'Shoplifters' Review: A fresh, humane, poignant and a must watch

A Potpourri of Vestiges Review

By Tanmay Shukla

Featured in IMDb Critic Reviews



The 2018 Palme d’Or winner Shoplifters is a sort of film that illustrates the expansive scope of cinema as a medium. The director Hirokazu Koreeda is not experimenting with the elements of film, he is captain of the ship—he knows exactly where he wants to go and the path he is going to follow. He is confident and patient as a filmmaker. It is all about the screenplay. It’s so well written that there is no need for any non-linear narrative, fancy camerawork, disorienting editing or extravagant production. What it needed was excellent acting and fastidious direction which it has and you have a masterpiece from Koreeda. The screenplay of Shoplifters written by Koreeda himself is a work of sheer genius. The observations are empathetic and compassionate.

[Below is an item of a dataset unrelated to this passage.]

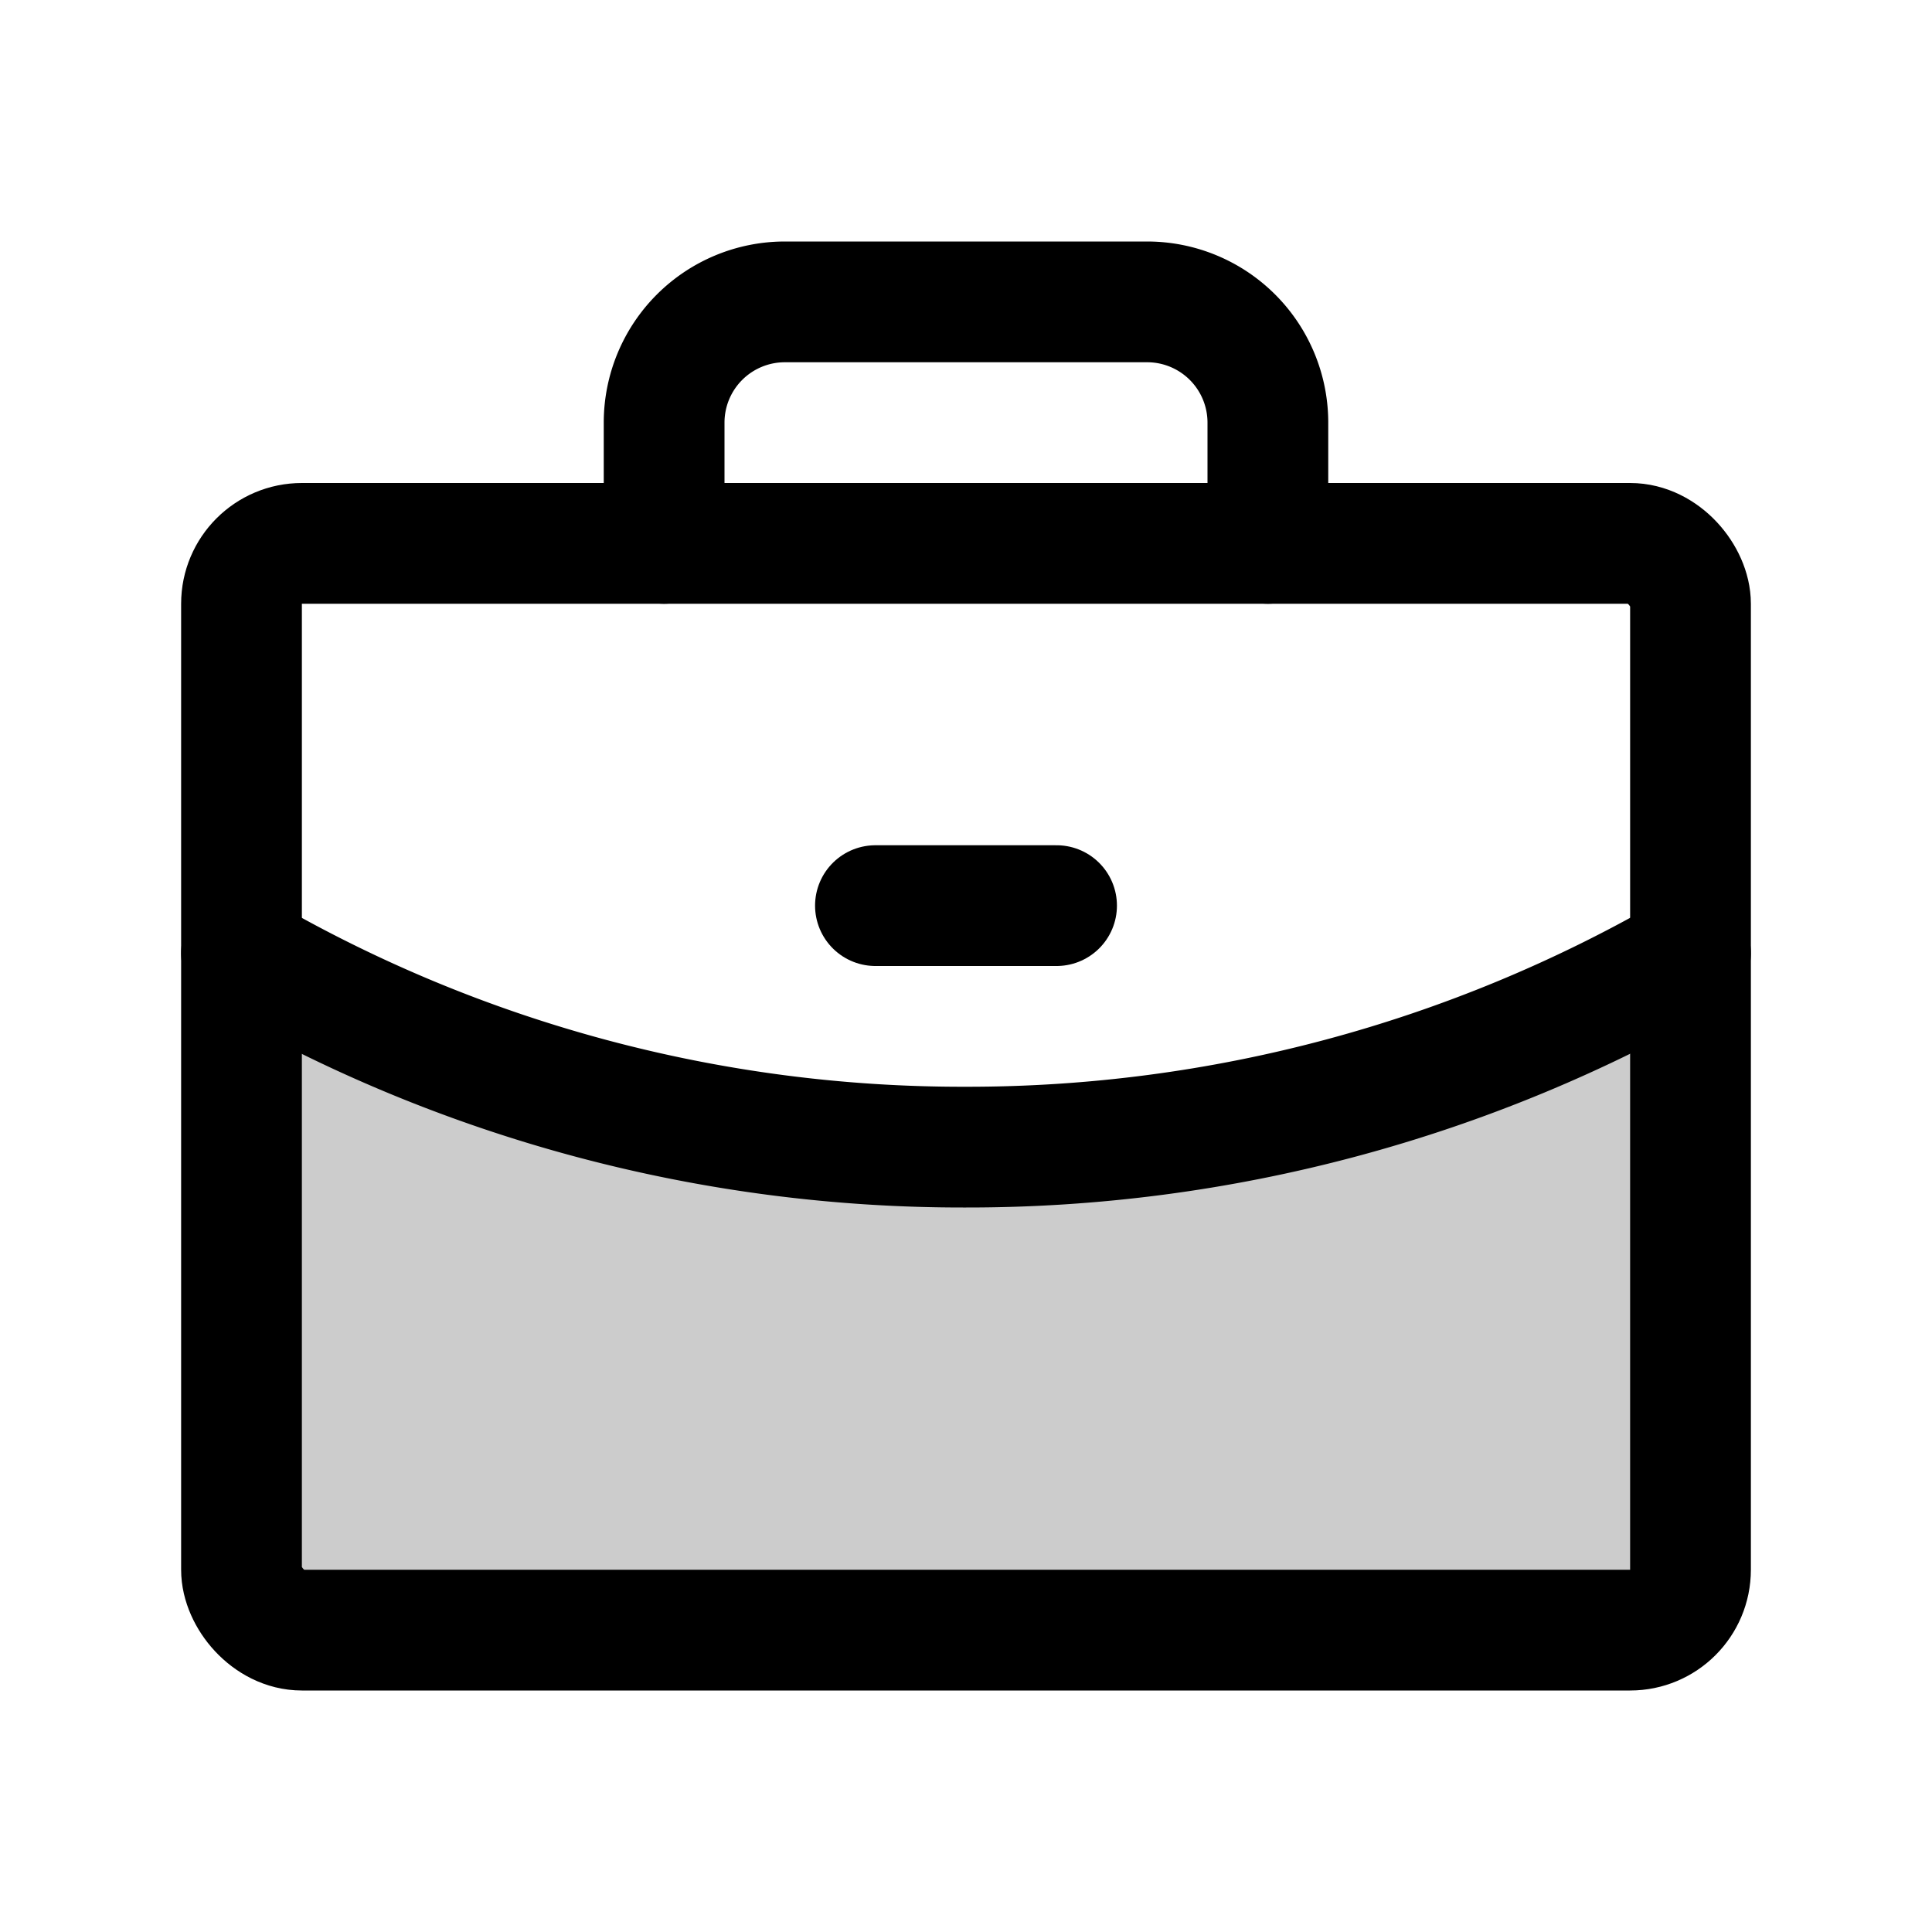 <svg xmlns="http://www.w3.org/2000/svg" viewBox="0 0 256 256"><rect width="256" height="256" fill="none"/><path d="M128,152a190.3,190.3,0,0,1-96-25.7V208a8,8,0,0,0,8,8H216a8,8,0,0,0,8-8V126.3A191.3,191.3,0,0,1,128,152Z" opacity="0.2"/><rect x="32" y="72" width="192" height="144" rx="8" fill="none" stroke="#000" stroke-linecap="round" stroke-linejoin="round" stroke-width="16"/><path d="M168,72V56a16,16,0,0,0-16-16H104A16,16,0,0,0,88,56V72" fill="none" stroke="#000" stroke-linecap="round" stroke-linejoin="round" stroke-width="16"/><path d="M224,126.3A191.3,191.3,0,0,1,128,152a190.3,190.3,0,0,1-96-25.7" fill="none" stroke="#000" stroke-linecap="round" stroke-linejoin="round" stroke-width="16"/><line x1="116" y1="120" x2="140" y2="120" fill="none" stroke="#000" stroke-linecap="round" stroke-linejoin="round" stroke-width="16"/></svg>

There is an attempt to understand people in poverty beyond economic hardship.

Shoplifters starts with Osamu, a middle aged man, and Shota, a young boy, who are shoplifting from a grocery store. Shota is carrying a bag-pack which he stuffs with his theft. Osamu has a wife Nobuya. Both work at low paying jobs. Love doesn’t glue them together, exigency of their predicament does. Aki is a teenager and she works at a strip club. The family largely runs on Grandma Hatsue’s pension. The sixth and newest member is Yuri, a homeless little girl who was abused by her parents. To write more about what happens will only diminish the impact of all the surprises that Koreeda throws at us not to keep you at the edge of your seat, but to challenge the typical notions of family.

As Shoplifters progresses it takes complete hold of your emotions. You don’t realise this because there is no contrivance. The rhythm and flow doesn’t imitate real life, it emerges from the same, so it seems. Every action is precisely and purposefully written that progression of story doesn’t come to notice until you look back. The performances Koreeda has prized out of his ensemble cast is faultless and it is primarily on acting the success of Shoplifters is dependent upon when you have a sublime screenplay full of powerful moments. Sakura Ando as Nobuyo still manages to stand out in what is overall refined performance across the cast and the emotional frailty of this idiosyncratic family is naturally expressed.

Shoplifters is full of funny exchanges, but there are quite a few intense ones too. In one scene, Aki is with a guy who was a customer at the strip club (one-way mirror). Aki is lonely and finds his company comforting. He is quiet but Aki is still happy. She shares a bond with the grandma whom she tells everything that happens in her life. In another scene, Nobuya and Osamu have a moment together and they make love. Osamu is too old for Nobuya but something has been building between them after all. Everyone even in this family finds something in togetherness.

Shoplifters explores what the threads holding a family together are made of and the answer reveals that its contents aren’t as simple as we believe them to be. It is sympathetic and warm-hearted film until its catastrophic culmination. It is so as by now we care about them and the revelations are too significant to be ignored, and we feel for them. “Maybe the bond is stronger when you choose your family.” When we look in the eyes of Shota and Yuri, it seems to be the truth.

Note: Shoplifters was recently screened at MAMI Mumbai Film Festival 2018.